TASK PROMPT:
Output exactly the lines below from the one containing "4.2 s after image 1." to the last line, both included. Omit pictures.

SUPPLIED MATERIAL:

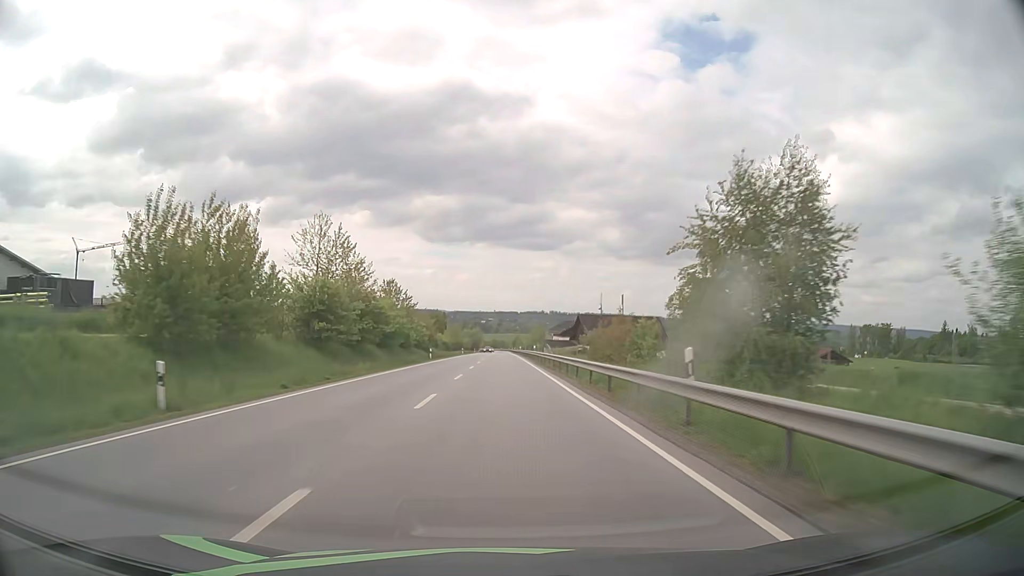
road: primary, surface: asphalt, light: Day
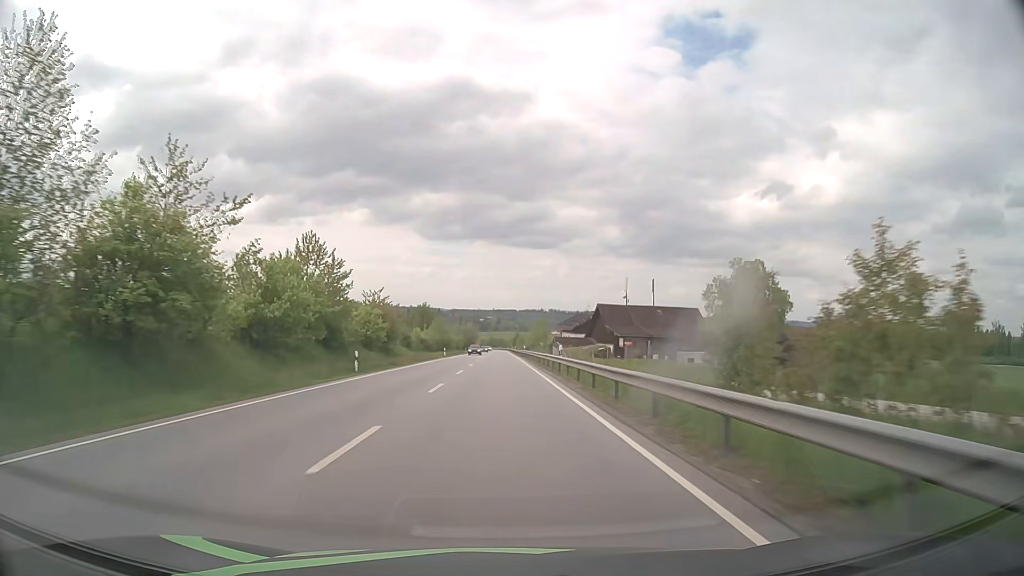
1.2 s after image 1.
(+0.1, +30.7) m; 0°
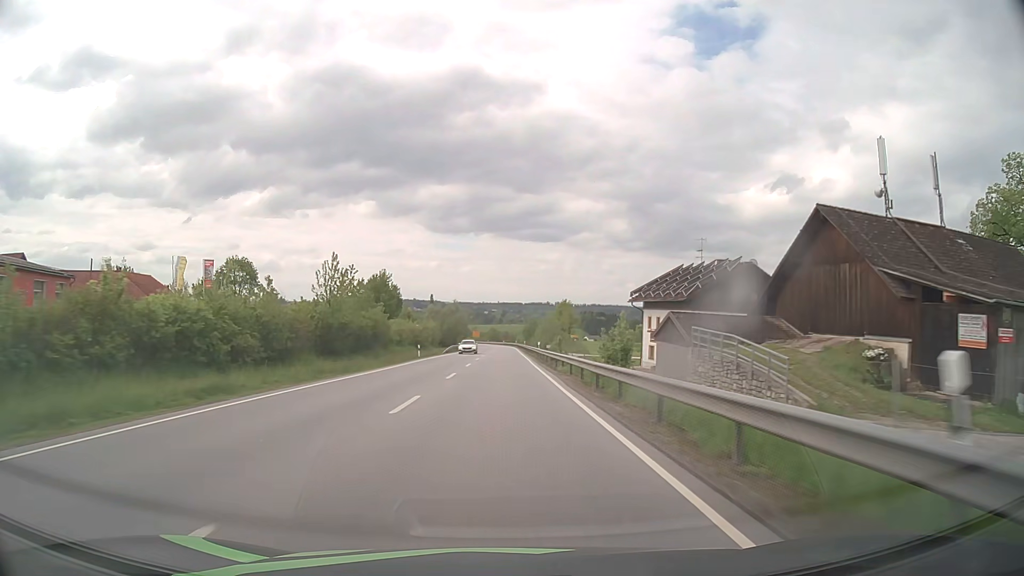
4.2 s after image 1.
(-0.2, +77.0) m; 0°
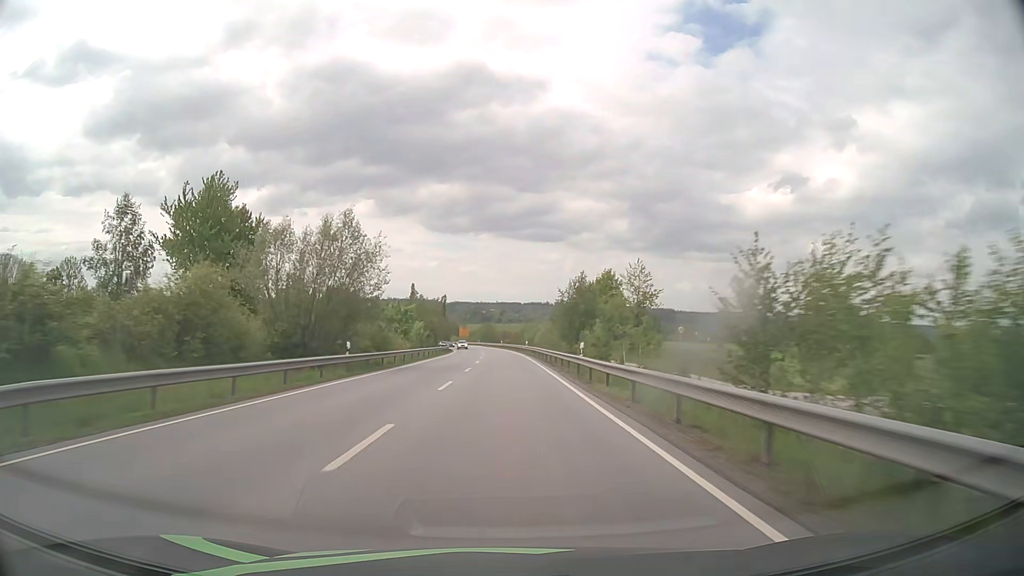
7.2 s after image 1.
(-0.1, +76.4) m; 0°
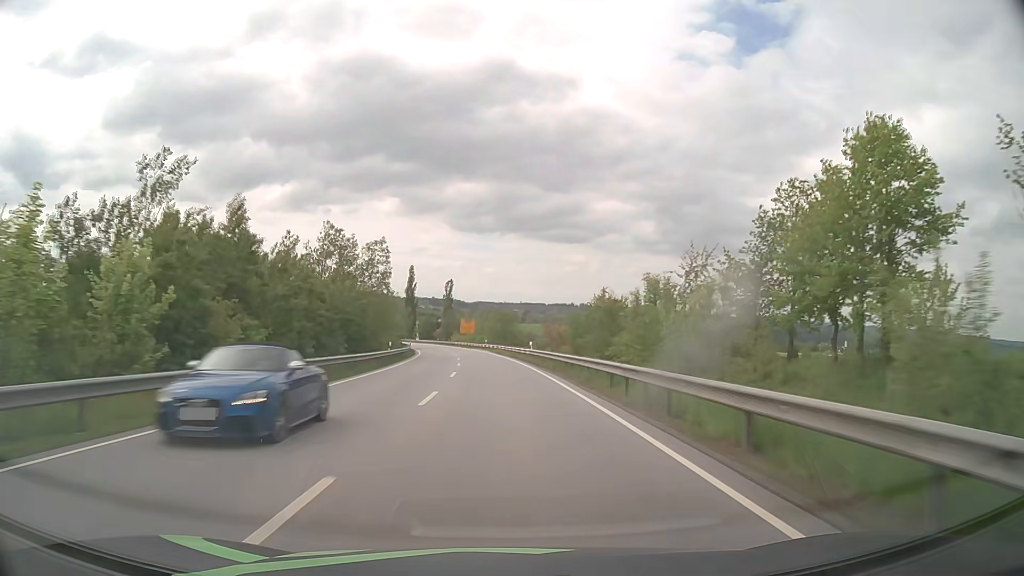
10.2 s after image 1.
(-0.7, +75.0) m; -2°
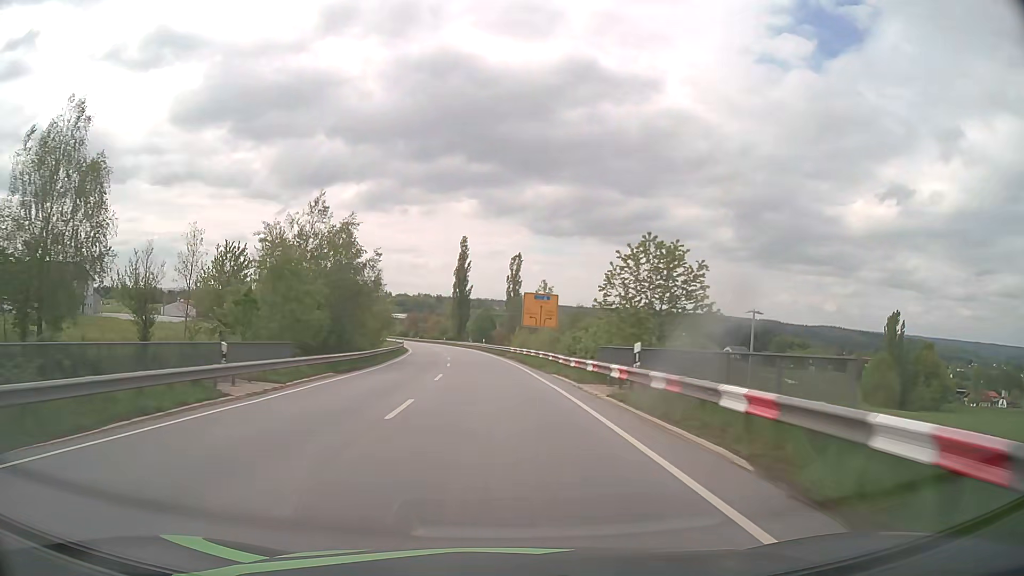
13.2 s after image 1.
(-3.6, +73.4) m; -6°
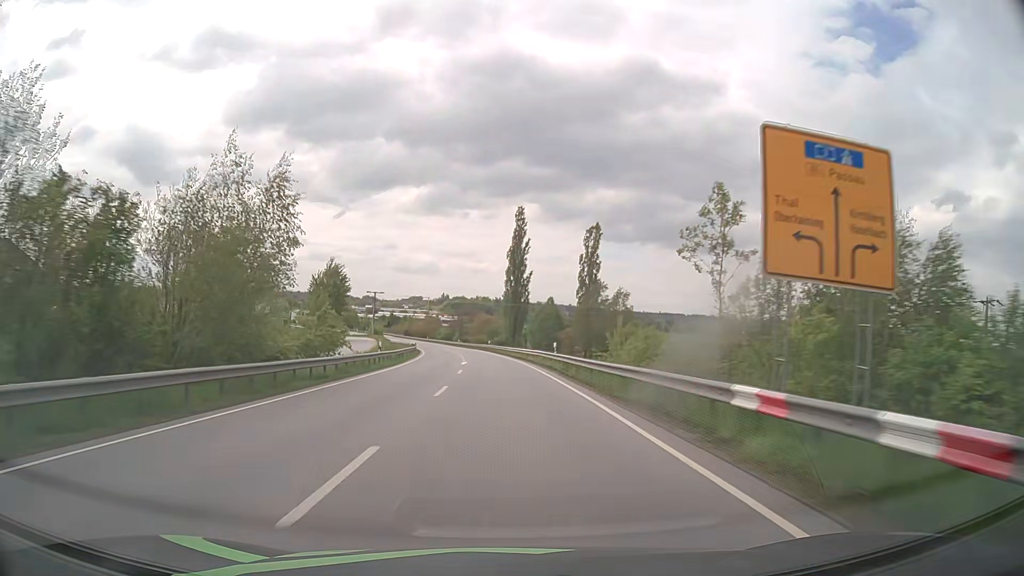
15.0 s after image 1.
(-1.8, +43.5) m; -5°
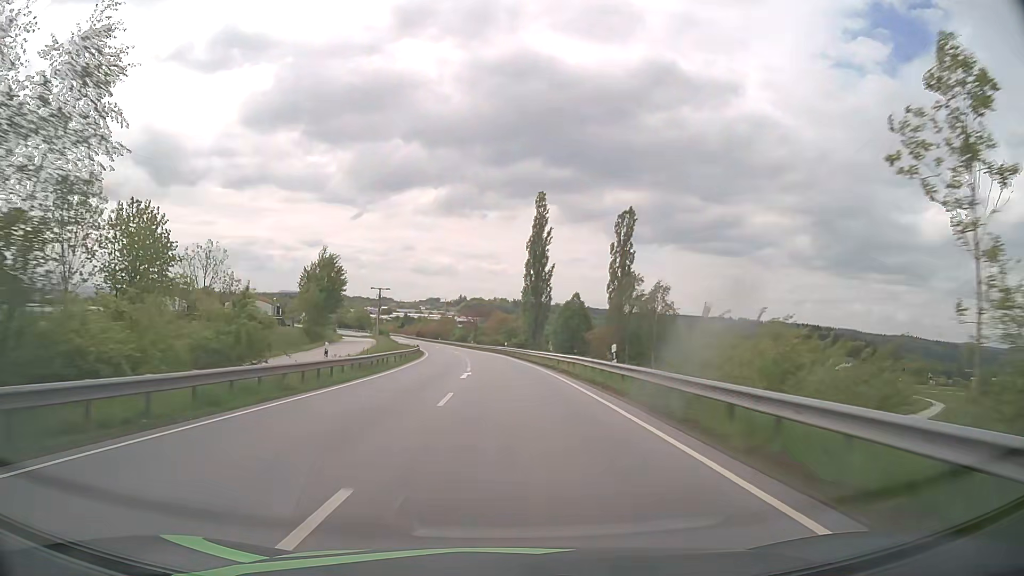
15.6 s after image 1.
(-0.2, +14.6) m; -2°
(0, +10) (0, +20) (-1, +30) (-1, +40) (-2, +50) (-2, +60) (-3, +70) (-4, +80) (-5, +90) (-7, +100) m

WRITTEN REPLY:
4.2 s after image 1.
(-0.2, +77.0) m; 0°
7.2 s after image 1.
(-0.1, +76.4) m; 0°
10.2 s after image 1.
(-0.7, +75.0) m; -2°
13.2 s after image 1.
(-3.6, +73.4) m; -6°
15.0 s after image 1.
(-1.8, +43.5) m; -5°
15.6 s after image 1.
(-0.2, +14.6) m; -2°
(0, +10) (0, +20) (-1, +30) (-1, +40) (-2, +50) (-2, +60) (-3, +70) (-4, +80) (-5, +90) (-7, +100) m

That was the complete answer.